1. Business and Finance:

• Profit margins: Businesses calculate profit margins as a percentage of revenue to assess their profitability.
• Interest rates: Banks and other financial institutions use percentage interest rates to determine loan repayments and savings account growth.
• Discounts and sales tax: Retailers use percentages to express discounts and sales tax on products. Calculating a 20% discount on a $100 item involves finding 20% of $100, which is $20. The final price would be $80.
• Investment returns: Investors use percentages to track the performance of their investments, comparing the gains or losses relative to the initial investment amount.

2. Science and Statistics:

• Data analysis: Scientists and statisticians frequently use percentages to represent data in graphs, charts, and reports. Percentages are essential for presenting relative frequencies and probabilities.
• Population growth: Population growth is often expressed as a percentage increase over a given period.
• Experimental results: In experiments, percentages are used to express the success rate or effectiveness of treatments or interventions. For example, a vaccine's efficacy might be expressed as a percentage reduction in the incidence of a disease.

3. Everyday Life:

• Tip calculations: Calculating a tip in a restaurant often involves finding a percentage (e.g., 15% or 20%) of the total bill.
• Grade calculations: Academic grades are sometimes expressed as percentages to reflect the proportion of correct answers or the overall performance in a course.
• Household budgets: Managing household finances often involves using percentages to allocate funds to different categories like housing, food, transportation, etc.

Expanding on Percentage Concepts: Percentage Increase and Decrease

The problem "What percent of 75 is 90?" implicitly involves a percentage increase. Let's examine how to calculate percentage increases and decreases:

Percentage Increase: This refers to the increase in a value expressed as a percentage of the original value. The formula is:

Percentage Increase = [(New Value - Original Value) / Original Value] * 100

In our example, the percentage increase from 75 to 90 is:

[(90 - 75) / 75] * 100 = 20%

This tells us that 90 is 20% more than 75.

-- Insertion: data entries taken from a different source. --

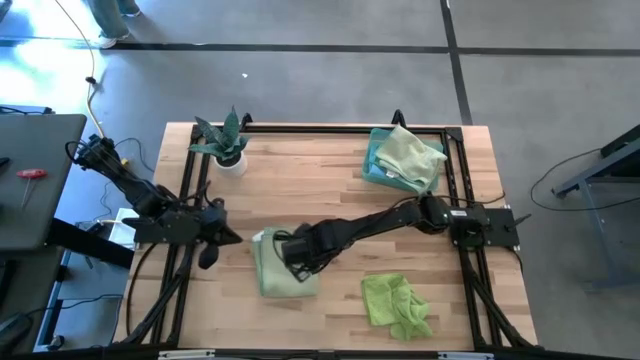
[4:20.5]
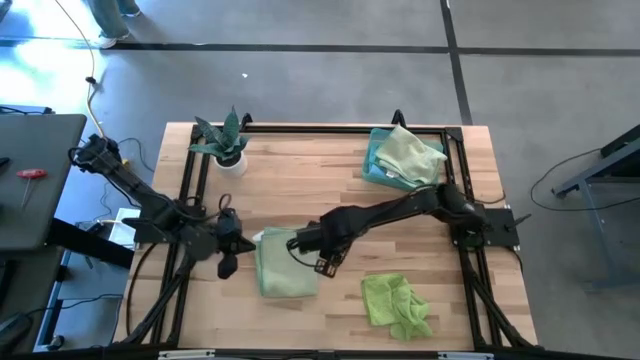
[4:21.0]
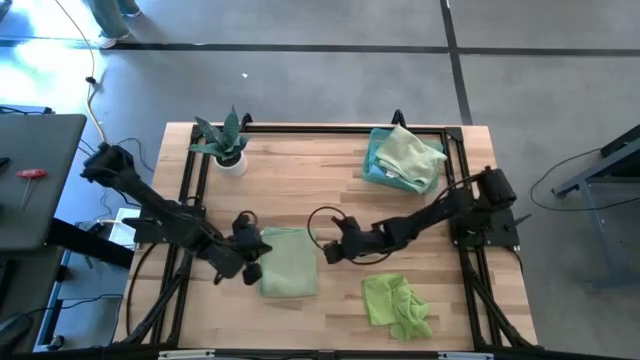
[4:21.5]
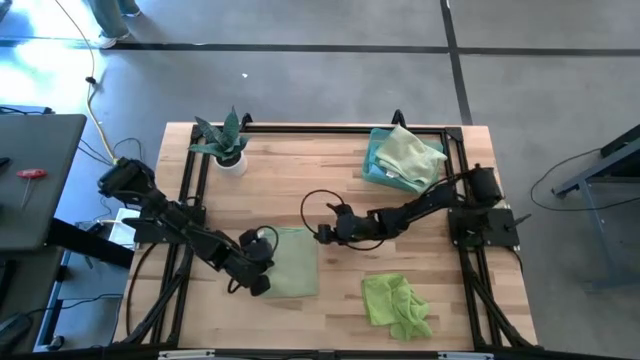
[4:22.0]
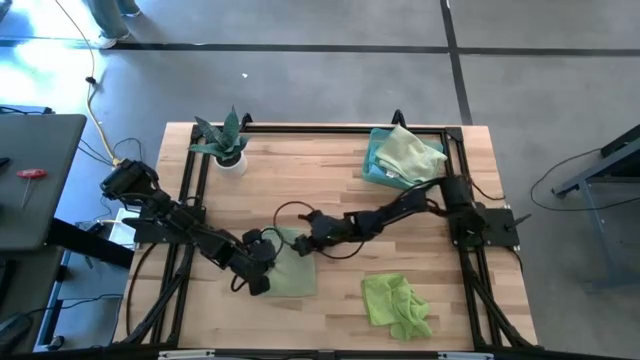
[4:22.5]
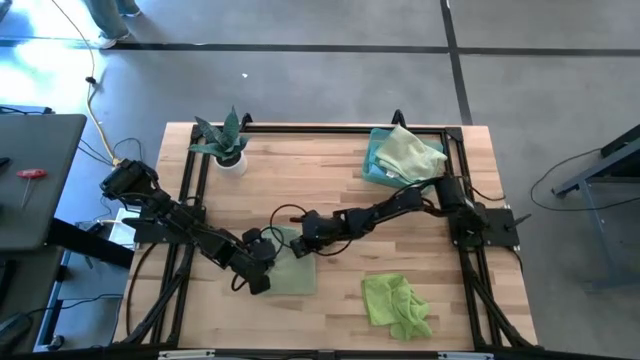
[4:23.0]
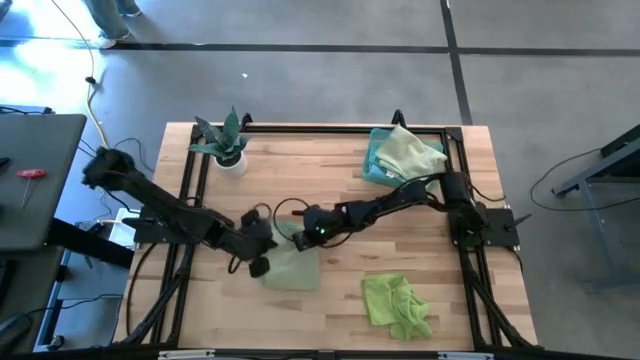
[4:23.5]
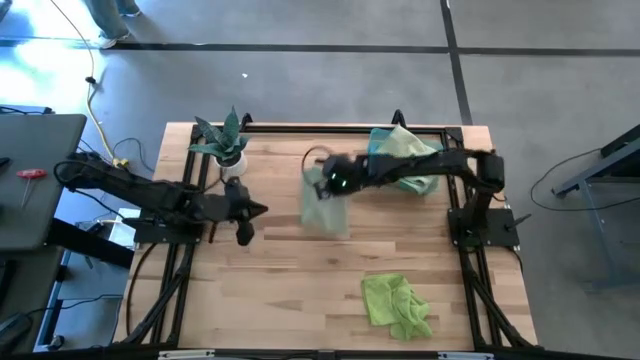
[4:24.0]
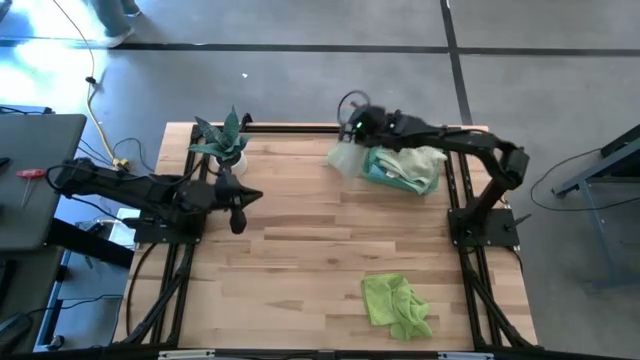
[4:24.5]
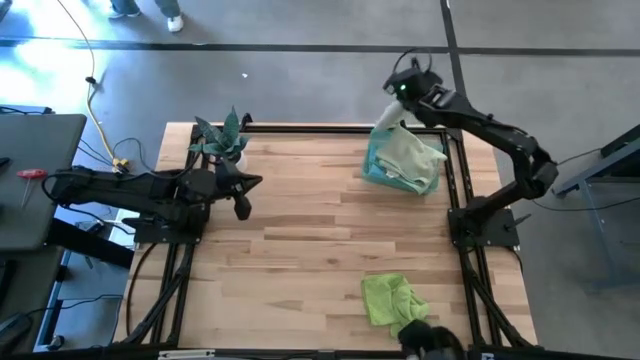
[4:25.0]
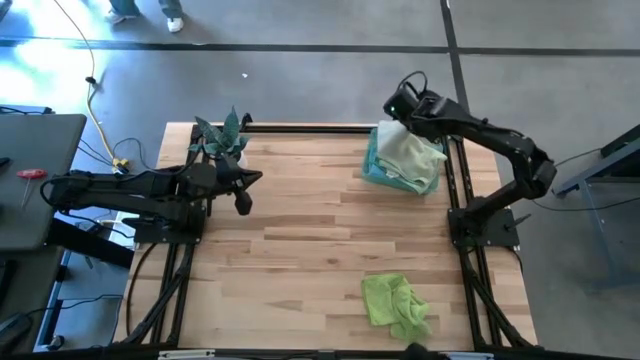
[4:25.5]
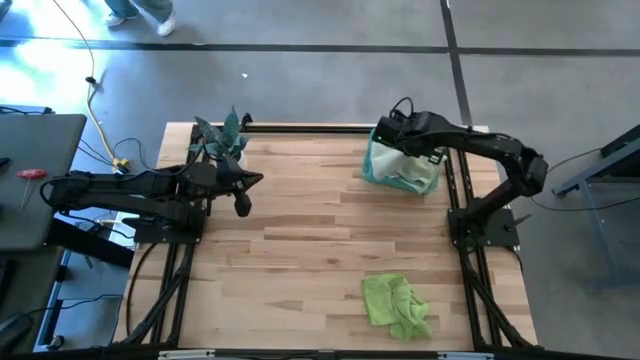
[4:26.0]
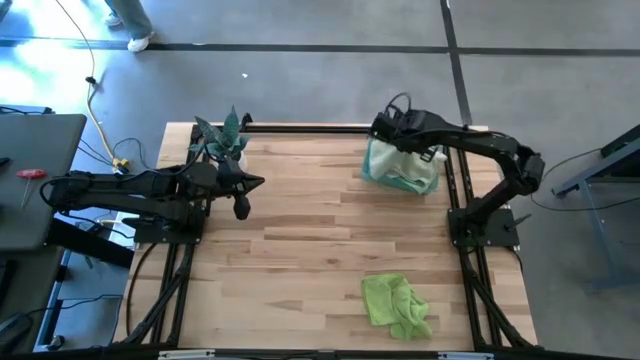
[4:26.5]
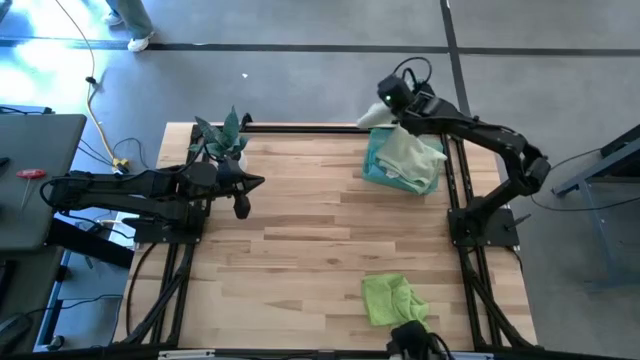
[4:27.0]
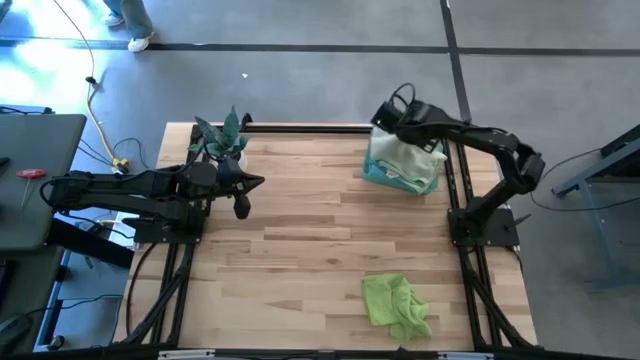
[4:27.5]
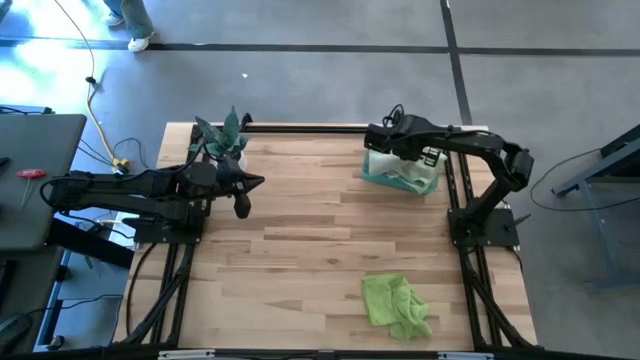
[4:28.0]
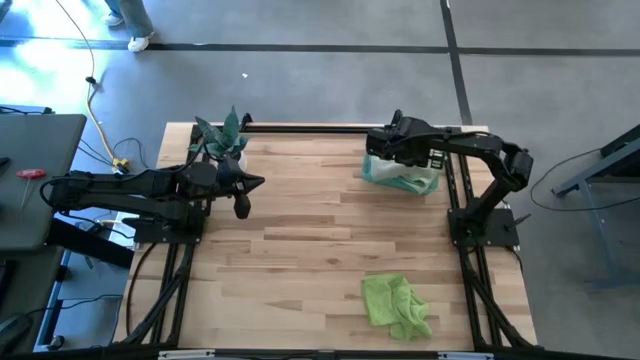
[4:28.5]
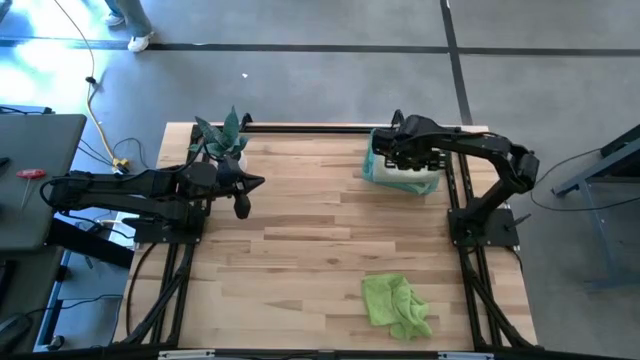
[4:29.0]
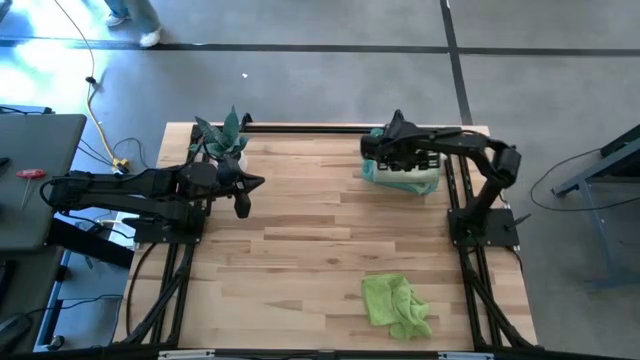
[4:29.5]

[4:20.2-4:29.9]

Percentage Decrease: This refers to the decrease in a value expressed as a percentage of the original value. The formula is:

Percentage Decrease = [(Original Value - New Value) / Original Value] * 100

For instance, if a value decreases from 100 to 80, the percentage decrease is:

[(100 - 80) / 100] * 100 = 20%

This means the value decreased by 20% of its original amount.

Advanced Percentage Applications: Compound Interest

Compound interest is a powerful concept where interest earned is added to the principal amount, and subsequent interest calculations are based on the increased principal. It is frequently used in finance, and understanding percentages is crucial for grasping this concept.

The formula for compound interest is:

A = P (1 + r/n)^(nt)

Where:

• A = the future value of the investment/loan, including interest
• P = the principal investment amount (the initial deposit or loan amount)
• r = the annual interest rate (decimal)
• n = the number of times that interest is compounded per year
• t = the number of years the money is invested or borrowed for

Compound interest calculations rely heavily on percentages to determine the growth of an investment or the accumulation of debt over time.

Conclusion

The question, "What percent of 75 is 90?" serves as a gateway to understanding the broad applicability of percentage calculations. From simple everyday tasks to complex financial models, percentages are essential for expressing proportions, analyzing data, and making informed decisions. Mastering percentage calculations equips you with a crucial skill for navigating various aspects of life, both personal and professional. By understanding the underlying concepts and the various approaches to solving percentage problems, you can confidently tackle numerous challenges that involve this fundamental mathematical concept.